Page R L, Ruscin J M, Fish D, Lapointe M
Department of Pharmacy Practice, School of Pharmacy University of Colorado Health Sciences Center, Denver 80262, USA.
Pharmacotherapy. 2001 Nov;21(11):1436-43. doi: 10.1592/phco.21.17.1436.34434.
A 42-year-old man who had received a cadaveric kidney transplant 9 years earlier was admitted to the hospital with pneumonia. His oral cyclosporine dosage for the past 2 years was stabilized at 100 mg twice/day; his cyclosporine whole blood trough levels 15 days earlier and on the day he was admitted were both 178 ng/ml. The patient was treated with intravenous ceftriaxone and intravenous azithromycin and continued to receive the same dosage of oral cyclosporine. On hospital day 3, his cyclosporine trough level rose to 400 ng/ml and his dosage was reduced by 50%. Trough levels were 181 ng/ml and 175 ng/ml on hospital days 6 and 9, respectively On hospital day 9, the patient stopped receiving azithromycin. On hospital day 14, his cyclosporine trough level dropped to 76 ng/ml, and his cyclosporine dosage was increased back to 100 mg twice/day. The dosage produced trough levels consistent with those before he had been admitted. The patient was discharged on day 20, and a follow-up cyclosporine trough level determined 3 weeks later was 175 ng/ml. Administration of azithromycin may have caused the increased cyclosporine concentrations in this patient through p-glycoprotein inhibition and/or competition for biliary excretion. Azithromycin's interference may be inferred by the increase in cyclosporine levels after administration of this drug and the decrease in cyclosporine levels after its discontinuation-both consistent with the pharmacokinetic properties of cyclosporine. Ceftriaxone and acute-phase reactant activation during infection, however, also may have interfered with the patient's cyclosporine elimination. Azithromycin generally is considered unlikely to interact with cyclosporine. Nonetheless, practitioners should be aware of this possibility and should monitor cyclosporine levels closely, especially in critically ill patients who have other complications.
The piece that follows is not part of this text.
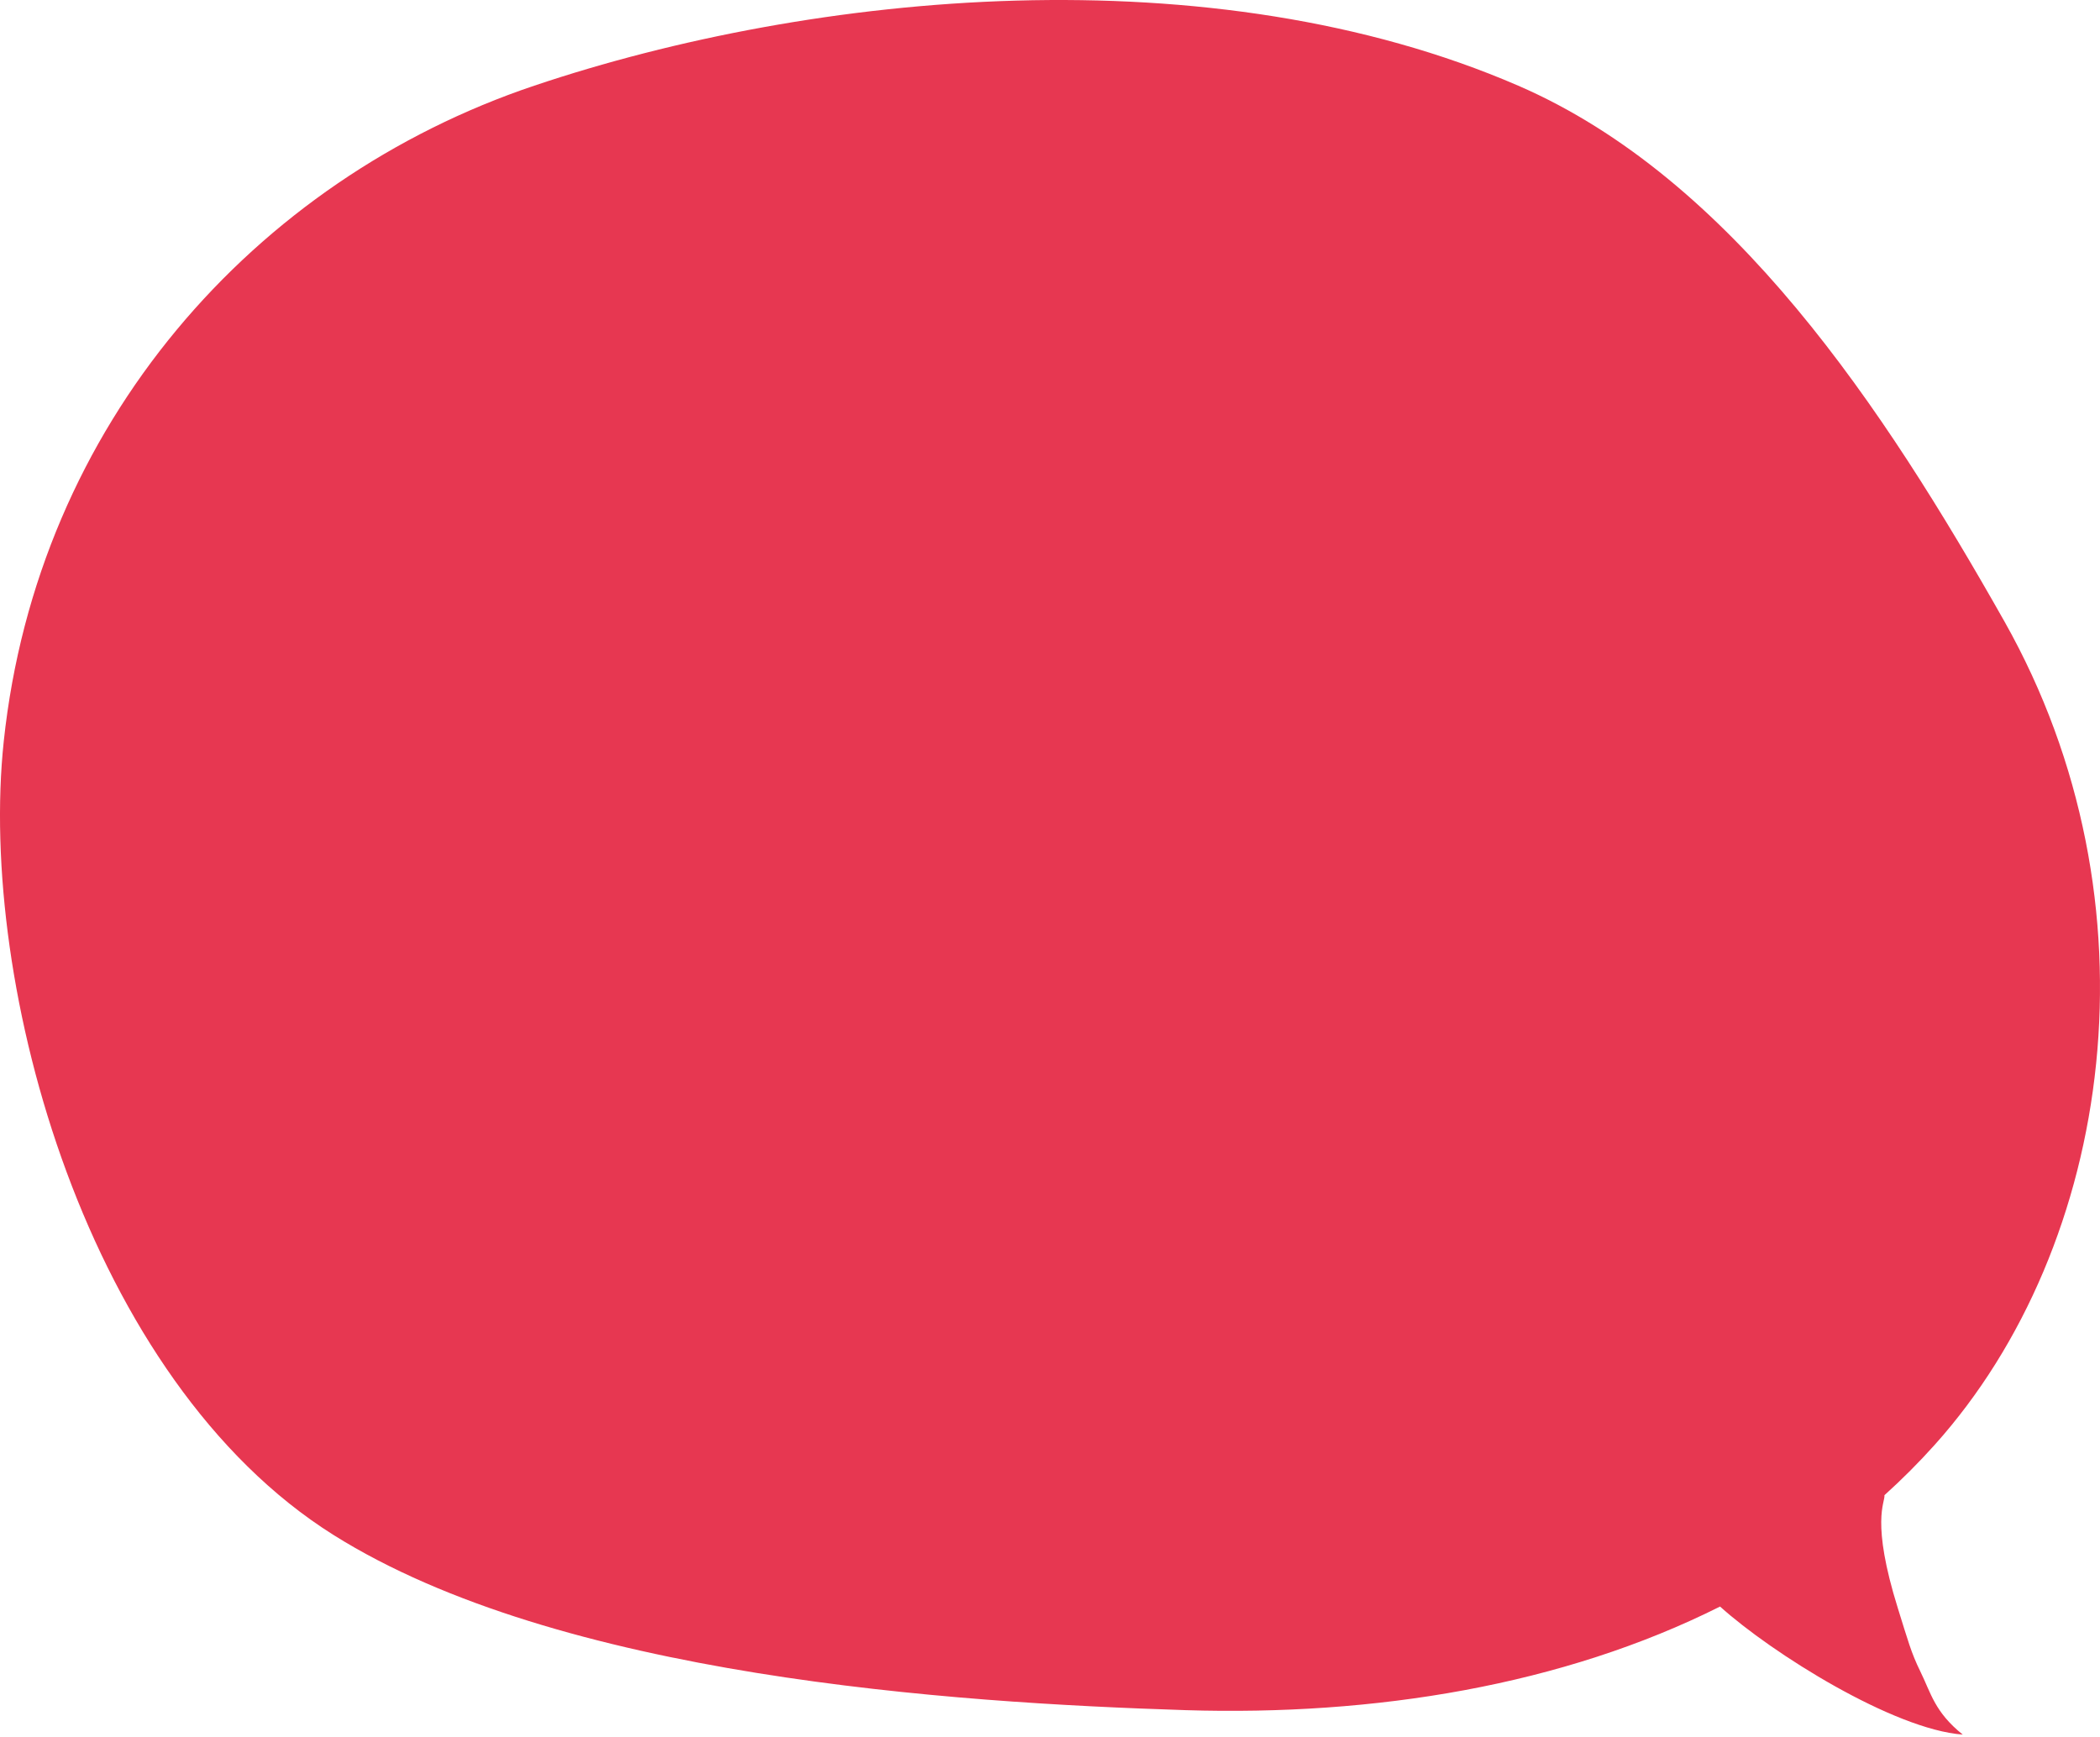 <svg width="359" height="297" viewBox="0 0 359 297" fill="none" xmlns="http://www.w3.org/2000/svg">
<path d="M335.536 296.555C323.711 295.674 302.944 282.678 294.048 274.662C267.105 288.167 234.948 293.376 202.659 292.374C162.794 291.107 95.585 286.665 56.983 262.405C14.976 235.994 -3.818 168.634 0.641 126.739C6.398 72.531 43.465 30.747 91.326 14.649C139.187 -1.448 207.141 -8.042 259.547 14.649C296.177 30.526 322.077 69.809 342.683 106.28C369.714 154.229 361.386 212.854 330.738 247.019C328.013 250.056 325.146 252.923 322.151 255.626C322.286 256.886 319.782 260.049 324.455 274.99C326.157 280.433 326.721 282.571 328.249 285.68C330.129 289.506 330.714 292.677 335.536 296.555Z" fill="#E73751"/>
</svg>

一名9年前接受尸体肾移植的42岁男性因肺炎入院。过去2年他口服环孢素的剂量稳定在每日两次,每次100毫克;入院前15天及入院当天他的环孢素全血谷浓度均为178纳克/毫升。患者接受了静脉注射头孢曲松和静脉注射阿奇霉素治疗,并继续服用相同剂量的口服环孢素。住院第3天,他的环孢素谷浓度升至400纳克/毫升,剂量减少了50%。住院第6天和第9天的谷浓度分别为181纳克/毫升和175纳克/毫升。住院第9天,患者停止服用阿奇霉素。住院第14天,他的环孢素谷浓度降至76纳克/毫升,环孢素剂量增加回每日两次,每次100毫克。该剂量产生的谷浓度与入院前一致。患者于第20天出院,3周后测定的环孢素谷浓度随访值为175纳克/毫升。阿奇霉素的使用可能通过抑制P-糖蛋白和/或竞争胆汁排泄导致该患者环孢素浓度升高。阿奇霉素的干扰可通过用药后环孢素水平升高以及停药后环孢素水平降低来推断——这两者均与环孢素的药代动力学特性相符。然而,头孢曲松以及感染期间急性期反应物的激活也可能干扰了患者的环孢素清除。一般认为阿奇霉素不太可能与环孢素相互作用。尽管如此,从业者应意识到这种可能性,并应密切监测环孢素水平,尤其是在有其他并发症的重症患者中。